We cook a lot of recipes and experience the joy of passing them along to readers as if to friends, as if to family. We revel in the delight of discovery — the new and the forgotten, the dark news along with the light — and we take great pleasure in reporting on what we have found.

It is a marvelous way to make a living. And we put together The New York Times Food Festival to celebrate that world, to introduce our readers to what we cover as we cover it, to offer the chance to experience New York City as we ourselves experience it, at its best.

So we have asked the chefs and owners of more than two dozen of the city’s best restaurants to join us in Bryant Park on Saturday and Sunday to serve their interpretations of the food you might generally find at a street fair, along with the best of the Brooklyn-based, open-air food market Smorgasburg.

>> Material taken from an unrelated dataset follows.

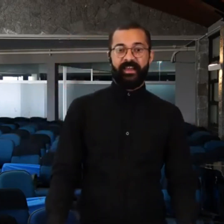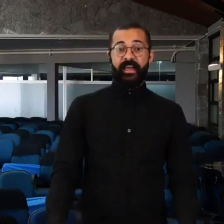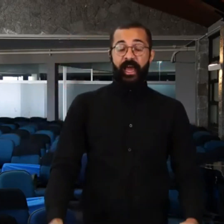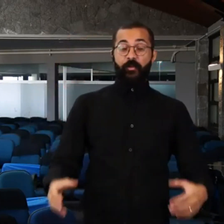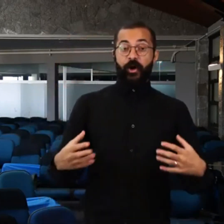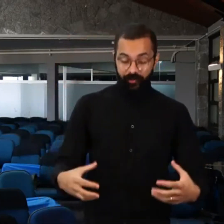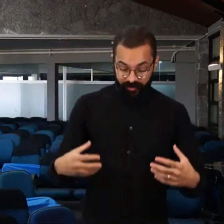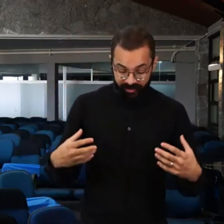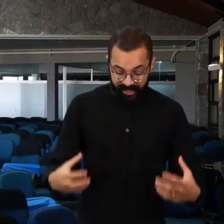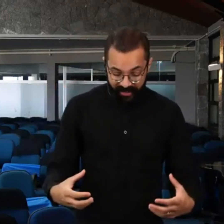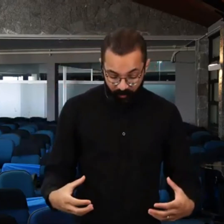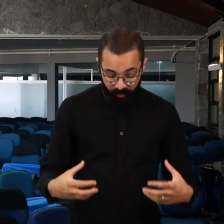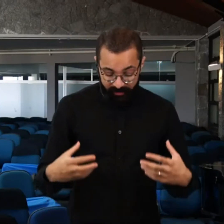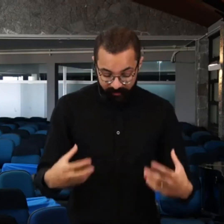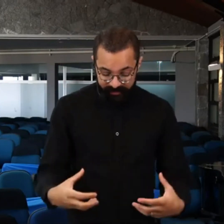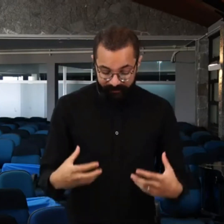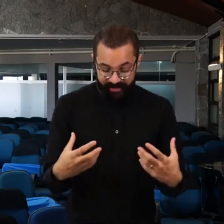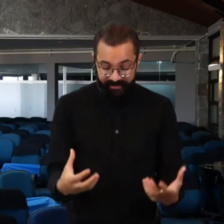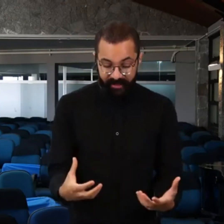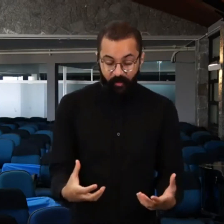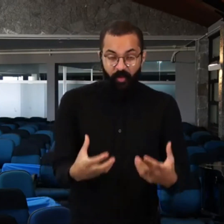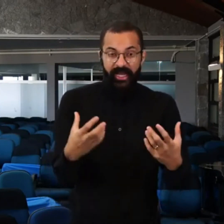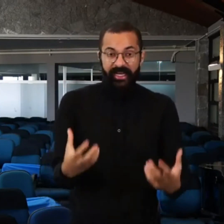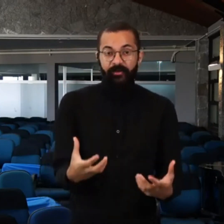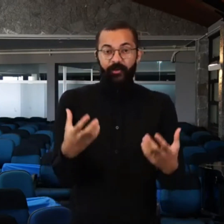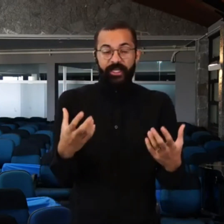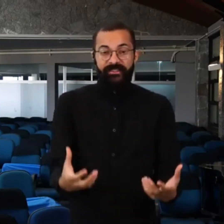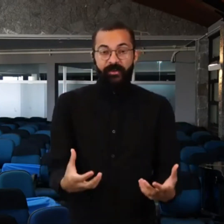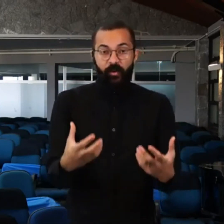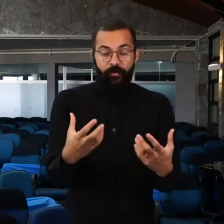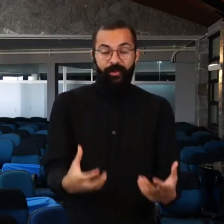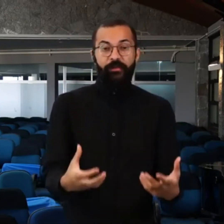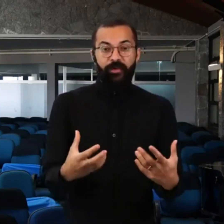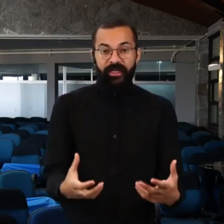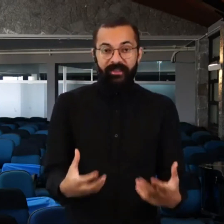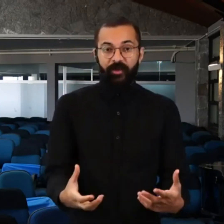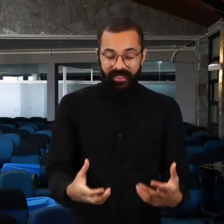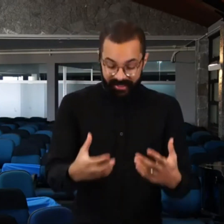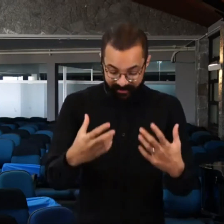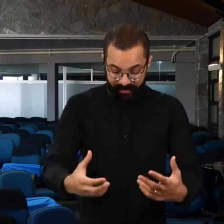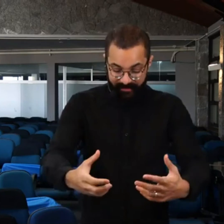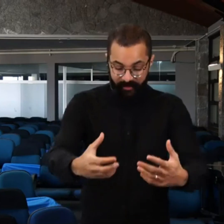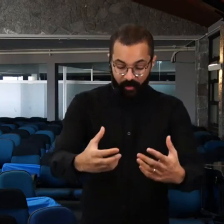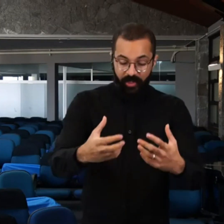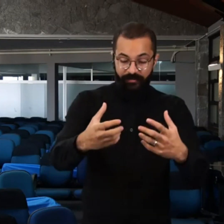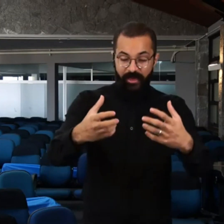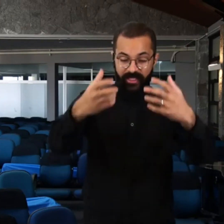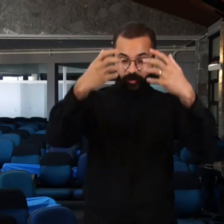É um modo ordinário que Deus estabeleceu um canal de conexão com o próprio Criador que Ele estabeleceu, de meio que a sua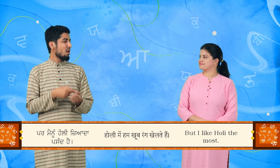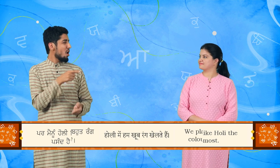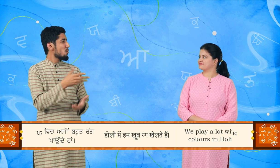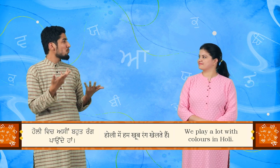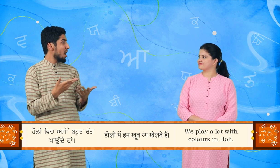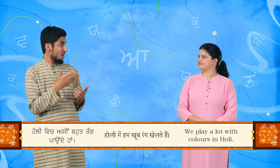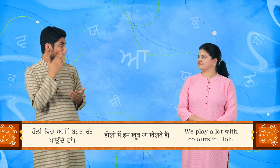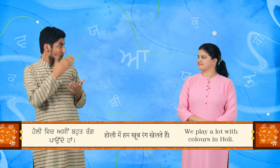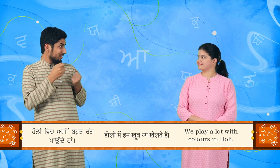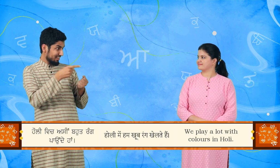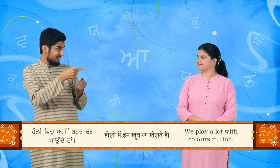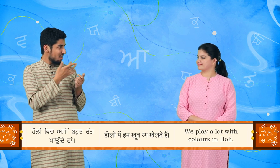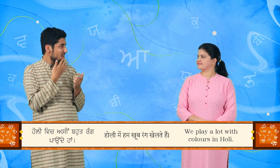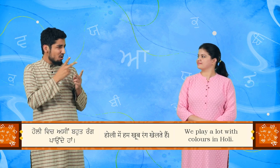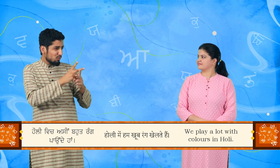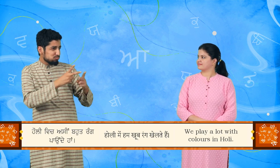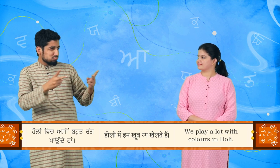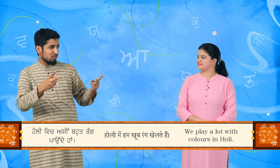होली विच अशी बहुत रंग पहुंदे हैं.

We put together a marketplace there, selling our favorite ingredients, and we invited some of the city’s best chefs to demonstrate their singular cooking techniques, on a stage, in conversation with our reporters. At the same time, in TheTimesCenter, nearby, we will gather some of the most influential and interesting voices in food, restaurants, policy and design to talk onstage with our reporters and critics about the subjects that fill our pages and motivate our reporting.

Finally, we’ll dive deep into the world of our restaurant critic Pete Wells, at a series of dinners at restaurants that are among his favorites in the city, dining rooms in which he’d spend his own money on his own time, for pure pleasure.

These restaurants — among them one of the city’s most exclusive sushi emporiums and what amounts to a neighborhood pizza shop — have created menus for the event that celebrate the virtues Mr. Wells highlighted in his reviews of their work. They offer a view into his sensibility: catholic in taste and technique; unstinting in excellence; and they celebrate some of what makes New York City’s restaurants great, right now, in the fall of 2019.

So far as we know, this is the first food festival The Times has presented in its 168 years in print. We very much hope that you will join us for it in New York during the first weekend in October and that it will become a regular event for us and you for years to come.